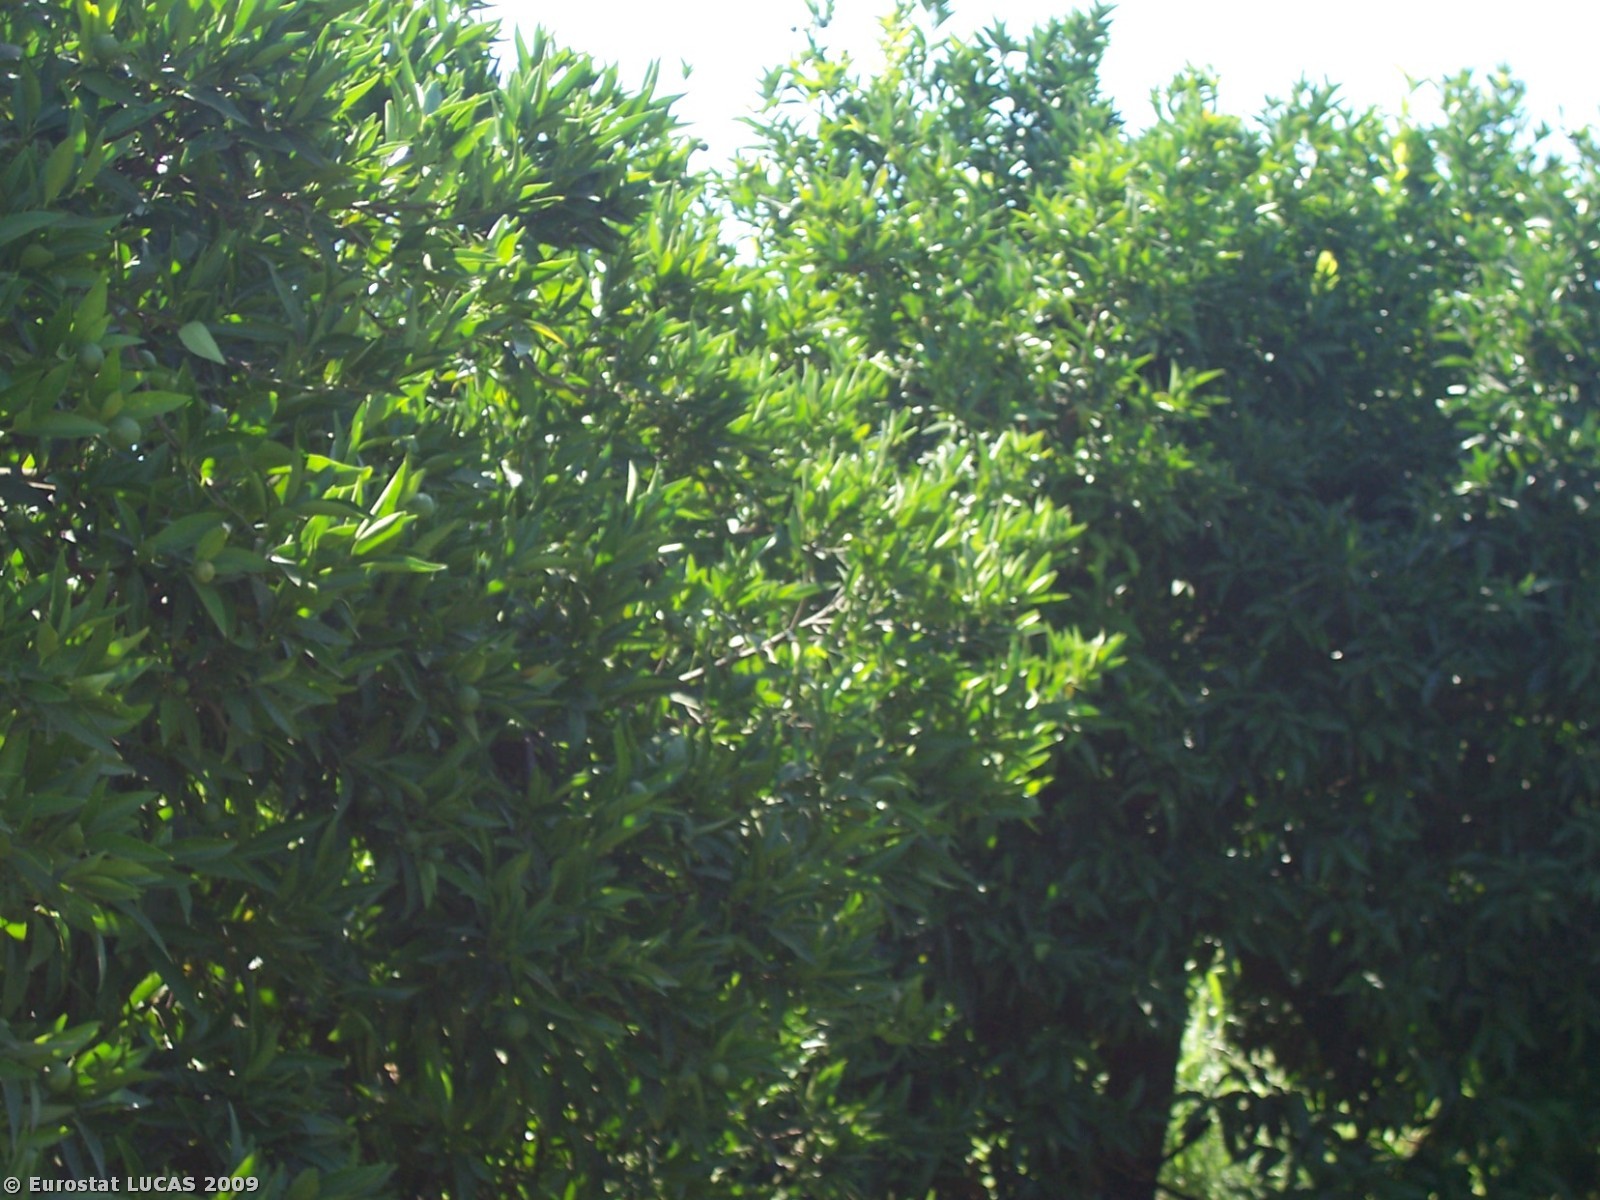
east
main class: Cropland
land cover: Other citrus fruit
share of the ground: 50 - 75 %
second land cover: Spontaneously vegetated surfaces
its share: > 75 %
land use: Agriculture (excluding fallow land and kitchen gardens)
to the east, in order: Other citrus fruit; Spontaneously vegetated surfaces; Olive groves; Spontaneously vegetated surfaces; Artificial constructions; Oranges; Spontaneously vegetated surfaces
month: July
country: IT
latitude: 40.5795
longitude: 17.0054
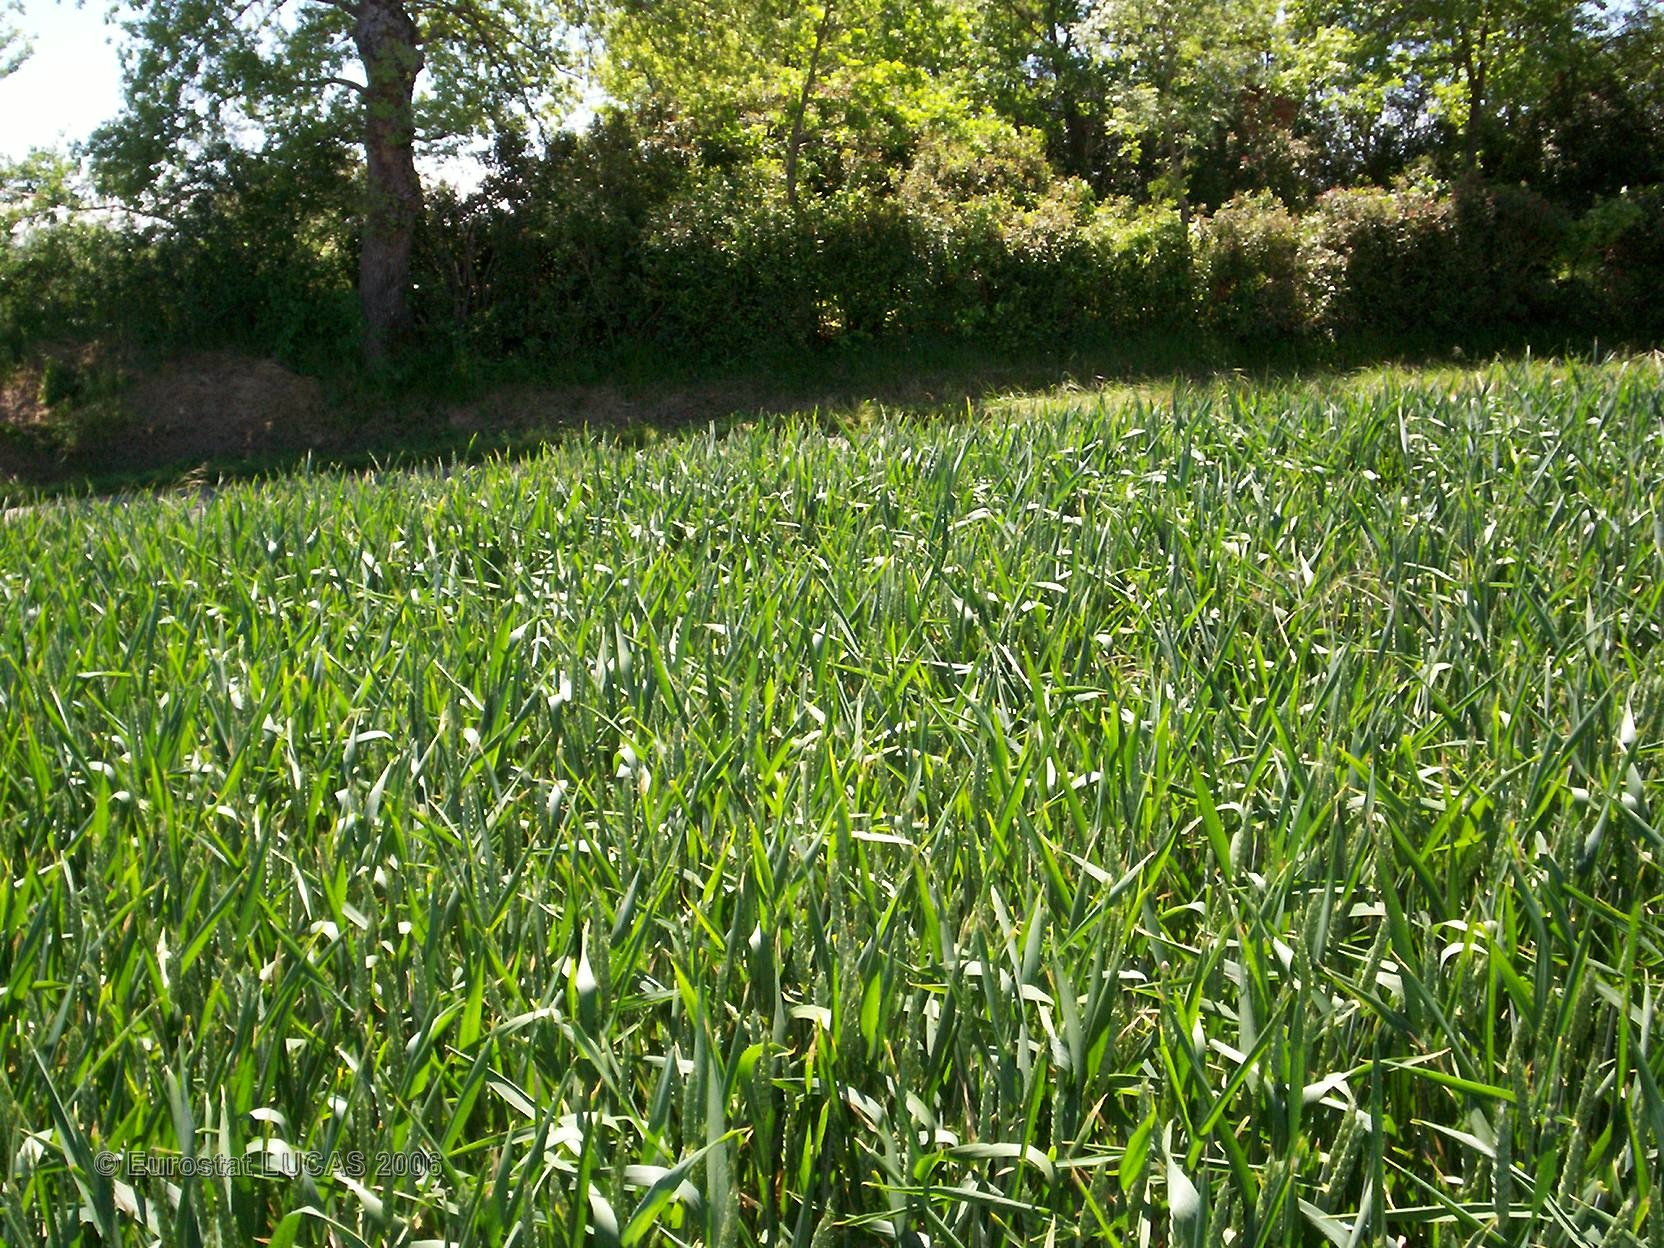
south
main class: Cropland
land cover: Durum wheat
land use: Agriculture (excluding fallow land and kitchen gardens)
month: May
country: FR
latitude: 43.4572
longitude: 0.8674
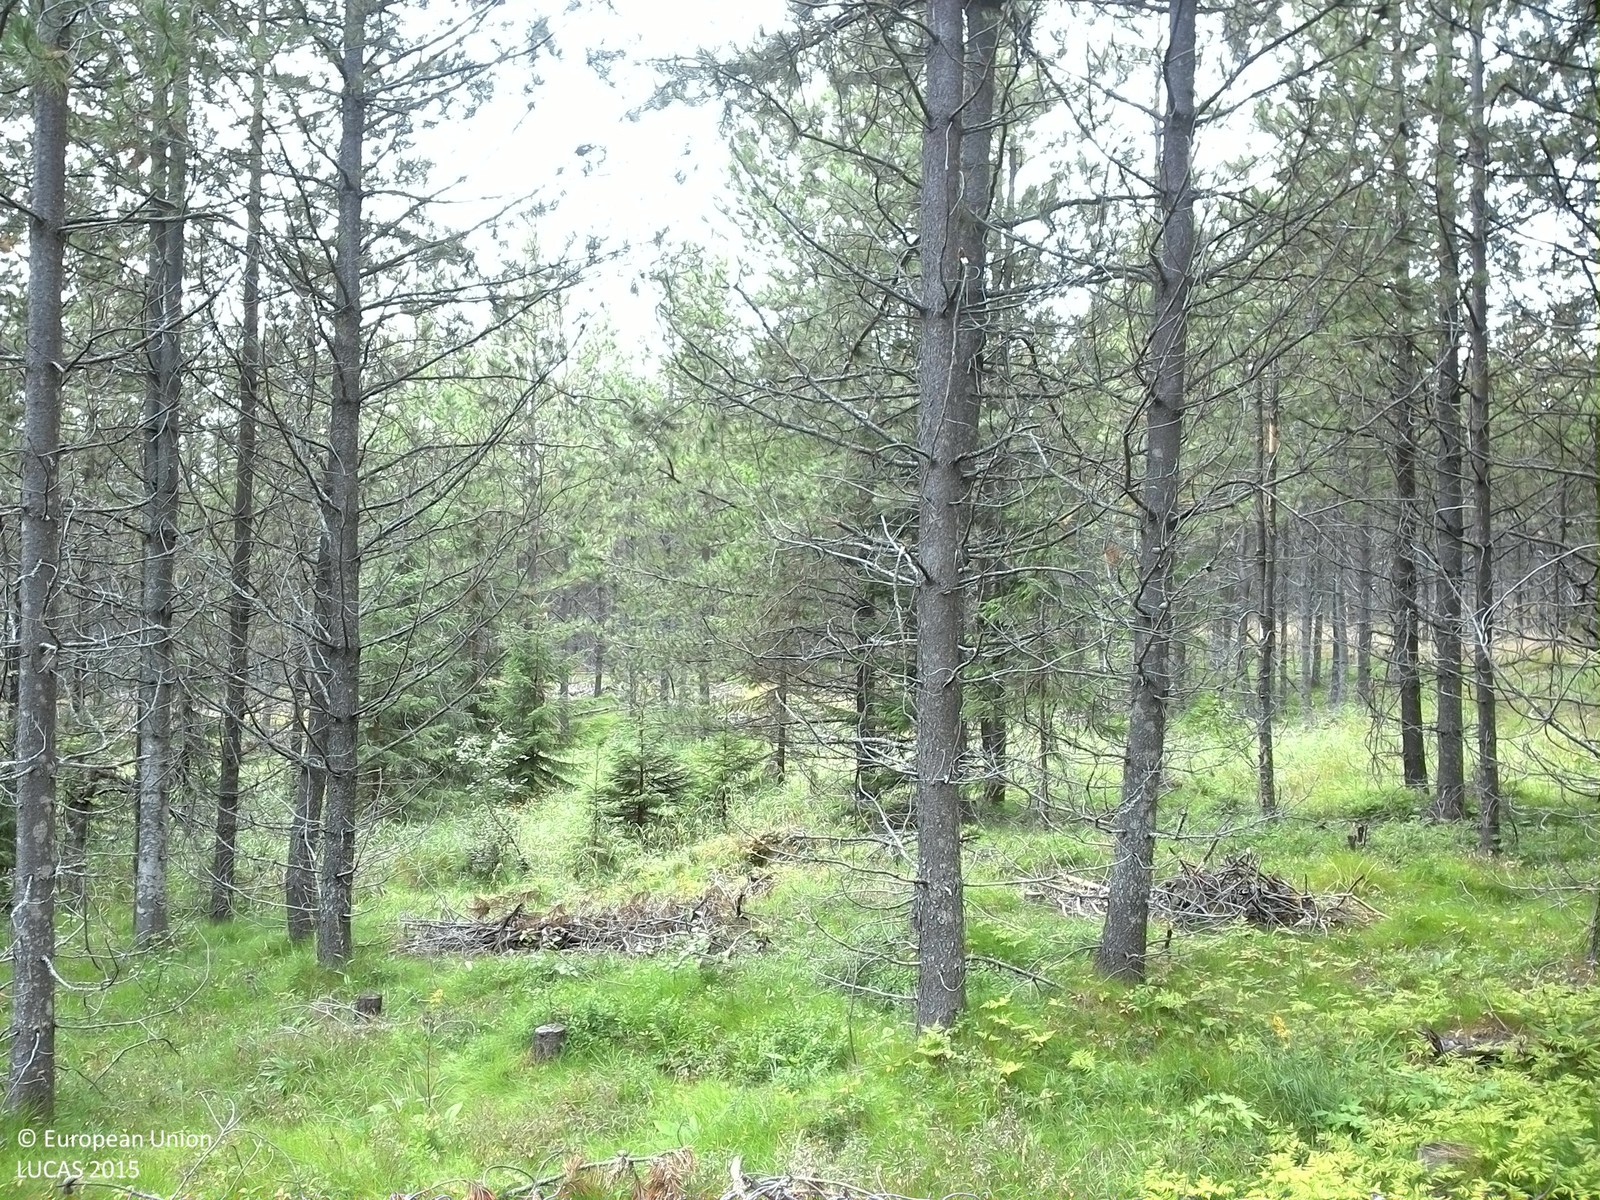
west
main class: Woodland
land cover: Pine dominated coniferous woodland
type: exotic forest
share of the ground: 50 - 75 %
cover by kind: coniferous forest trees 45 %, herbaceous plants 35 %, shrubs 10 %, broadleaved forest trees 5 %, lichens and mosses 5 %
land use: Forestry
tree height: > 5 m
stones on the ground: 10 - 25 %
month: August
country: SE
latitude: 62.8715
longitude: 17.2705

■ **To do**
Within the material above, find the lines that contain the word "vegetated"; copy them.

■ **Expected output**
second land cover: Spontaneously vegetated surfaces
to the east, in order: Other citrus fruit; Spontaneously vegetated surfaces; Olive groves; Spontaneously vegetated surfaces; Artificial constructions; Oranges; Spontaneously vegetated surfaces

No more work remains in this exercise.